- Task to carry out:
Where the listing below reaches the line containing "A CAD part, left-side", start writing out lines exactly, and stop once the line containing "#69 = CARTESIAN_POINT" has been written.

Data supplied: Begin

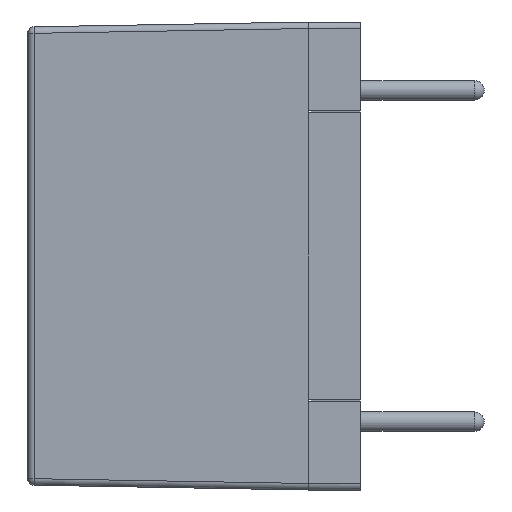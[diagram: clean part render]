
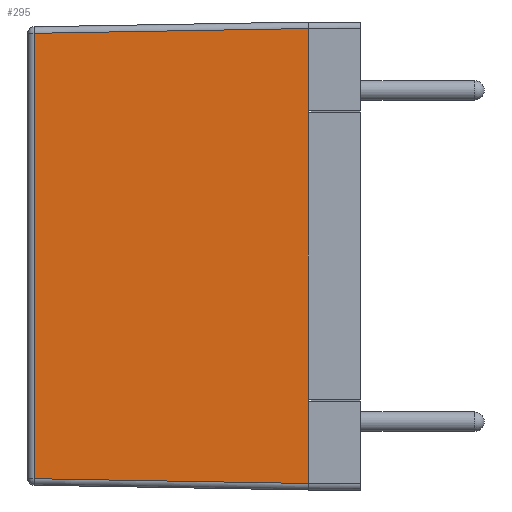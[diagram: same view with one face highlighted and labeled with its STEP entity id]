
A CAD part, left-side view. The second image highlights one B-rep face of the part: STEP entity #295.
In plain terms, the highlighted face is planar.
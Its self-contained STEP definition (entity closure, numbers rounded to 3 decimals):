
#69 = CARTESIAN_POINT ( 'NONE',  ( 12.125, 0., 7.175 ) ) ;
#99 = ORIENTED_EDGE ( 'NONE', *, *, #3815, .T. ) ;
#196 = EDGE_CURVE ( 'NONE', #2806, #1198, #3827, .T. ) ;
#224 = FACE_OUTER_BOUND ( 'NONE', #2017, .T. ) ;
#295 = ADVANCED_FACE ( 'NONE', ( #224 ), #3114, .T. ) ;
#302 = DIRECTION ( 'NONE',  ( 0., 0., -1. ) ) ;
#637 = VECTOR ( 'NONE', #4331, 1000. ) ;
#662 = VERTEX_POINT ( 'NONE', #1723 ) ;
#665 = DIRECTION ( 'NONE',  ( 0., 0., -1. ) ) ;
#671 = CARTESIAN_POINT ( 'NONE',  ( 12.125, 0., 7.175 ) ) ;
#713 = ORIENTED_EDGE ( 'NONE', *, *, #3369, .T. ) ;
#817 = EDGE_CURVE ( 'NONE', #4705, #3493, #4282, .T. ) ;
#948 = ORIENTED_EDGE ( 'NONE', *, *, #196, .T. ) ;
#1042 = DIRECTION ( 'NONE',  ( 0., 0., -1. ) ) ;
#1145 = CARTESIAN_POINT ( 'NONE',  ( 12.125, -0.003, 6.975 ) ) ;
#1198 = VERTEX_POINT ( 'NONE', #3943 ) ;
#1259 = VERTEX_POINT ( 'NONE', #2214 ) ;
#1350 = VECTOR ( 'NONE', #665, 1000. ) ;
#1431 = VERTEX_POINT ( 'NONE', #2341 ) ;
#1494 = DIRECTION ( 'NONE',  ( 0., 0., -1. ) ) ;
#1528 = CARTESIAN_POINT ( 'NONE',  ( 12.125, 0., -7.175 ) ) ;
#1610 = DIRECTION ( 'NONE',  ( 0., 0., -1. ) ) ;
#1638 = LINE ( 'NONE', #1528, #3802 ) ;
#1671 = CARTESIAN_POINT ( 'NONE',  ( 12.125, 0., -4.4 ) ) ;
#1723 = CARTESIAN_POINT ( 'NONE',  ( 11.978, 8.403, 6.828 ) ) ;
#1984 = LINE ( 'NONE', #4937, #3325 ) ;
#2011 = LINE ( 'NONE', #1145, #5020 ) ;
#2017 = EDGE_LOOP ( 'NONE', ( #948, #2138, #5347, #3392, #99, #4623, #713, #2576 ) ) ;
#2045 = CARTESIAN_POINT ( 'NONE',  ( 11.978, 8.403, -6.828 ) ) ;
#2138 = ORIENTED_EDGE ( 'NONE', *, *, #4259, .T. ) ;
#2214 = CARTESIAN_POINT ( 'NONE',  ( 12.125, 0., 6.975 ) ) ;
#2337 = EDGE_CURVE ( 'NONE', #1259, #1431, #4596, .T. ) ;
#2341 = CARTESIAN_POINT ( 'NONE',  ( 12.125, 0., 4.45 ) ) ;
#2576 = ORIENTED_EDGE ( 'NONE', *, *, #4899, .T. ) ;
#2806 = VERTEX_POINT ( 'NONE', #1671 ) ;
#2954 = CARTESIAN_POINT ( 'NONE',  ( 12.125, 0., 4.4 ) ) ;
#3008 = VERTEX_POINT ( 'NONE', #2954 ) ;
#3078 = VECTOR ( 'NONE', #302, 1000. ) ;
#3114 = PLANE ( 'NONE',  #5054 ) ;
#3202 = LINE ( 'NONE', #4810, #1350 ) ;
#3325 = VECTOR ( 'NONE', #4125, 1000. ) ;
#3369 = EDGE_CURVE ( 'NONE', #1431, #3008, #5280, .T. ) ;
#3392 = ORIENTED_EDGE ( 'NONE', *, *, #3787, .T. ) ;
#3436 = CARTESIAN_POINT ( 'NONE',  ( 12.121, 0.247, -6.971 ) ) ;
#3493 = VERTEX_POINT ( 'NONE', #2045 ) ;
#3787 = EDGE_CURVE ( 'NONE', #3493, #662, #1984, .T. ) ;
#3802 = VECTOR ( 'NONE', #1610, 1000. ) ;
#3815 = EDGE_CURVE ( 'NONE', #662, #1259, #2011, .T. ) ;
#3827 = LINE ( 'NONE', #69, #637 ) ;
#3943 = CARTESIAN_POINT ( 'NONE',  ( 12.125, 0., -4.45 ) ) ;
#4095 = CARTESIAN_POINT ( 'NONE',  ( 12.125, 0., 7.175 ) ) ;
#4125 = DIRECTION ( 'NONE',  ( 0., 0., 1. ) ) ;
#4153 = DIRECTION ( 'NONE',  ( 0.017, -1., 0.017 ) ) ;
#4258 = VECTOR ( 'NONE', #5144, 1000. ) ;
#4259 = EDGE_CURVE ( 'NONE', #1198, #4705, #1638, .T. ) ;
#4282 = LINE ( 'NONE', #3436, #4258 ) ;
#4331 = DIRECTION ( 'NONE',  ( 0., 0., -1. ) ) ;
#4596 = LINE ( 'NONE', #4095, #3078 ) ;
#4623 = ORIENTED_EDGE ( 'NONE', *, *, #2337, .T. ) ;
#4705 = VERTEX_POINT ( 'NONE', #5168 ) ;
#4810 = CARTESIAN_POINT ( 'NONE',  ( 12.125, 0., 4.4 ) ) ;
#4822 = CARTESIAN_POINT ( 'NONE',  ( 12.125, 0., 7.175 ) ) ;
#4899 = EDGE_CURVE ( 'NONE', #3008, #2806, #3202, .T. ) ;
#4937 = CARTESIAN_POINT ( 'NONE',  ( 11.978, 8.403, 7.175 ) ) ;
#5020 = VECTOR ( 'NONE', #4153, 1000. ) ;
#5054 = AXIS2_PLACEMENT_3D ( 'NONE', #4822, #5261, #1042 ) ;
#5104 = VECTOR ( 'NONE', #1494, 1000. ) ;
#5144 = DIRECTION ( 'NONE',  ( -0.017, 1., 0.017 ) ) ;
#5168 = CARTESIAN_POINT ( 'NONE',  ( 12.125, 0., -6.975 ) ) ;
#5261 = DIRECTION ( 'NONE',  ( 1., 0.017, 0. ) ) ;
#5280 = LINE ( 'NONE', #671, #5104 ) ;
#5347 = ORIENTED_EDGE ( 'NONE', *, *, #817, .T. ) ;

Data supplied: End

- Task result:
A CAD part, left-side view. The second image highlights one B-rep face of the part: STEP entity #295.
In plain terms, the highlighted face is planar.
Its self-contained STEP definition (entity closure, numbers rounded to 3 decimals):
#69 = CARTESIAN_POINT ( 'NONE',  ( 12.125, 0., 7.175 ) ) ;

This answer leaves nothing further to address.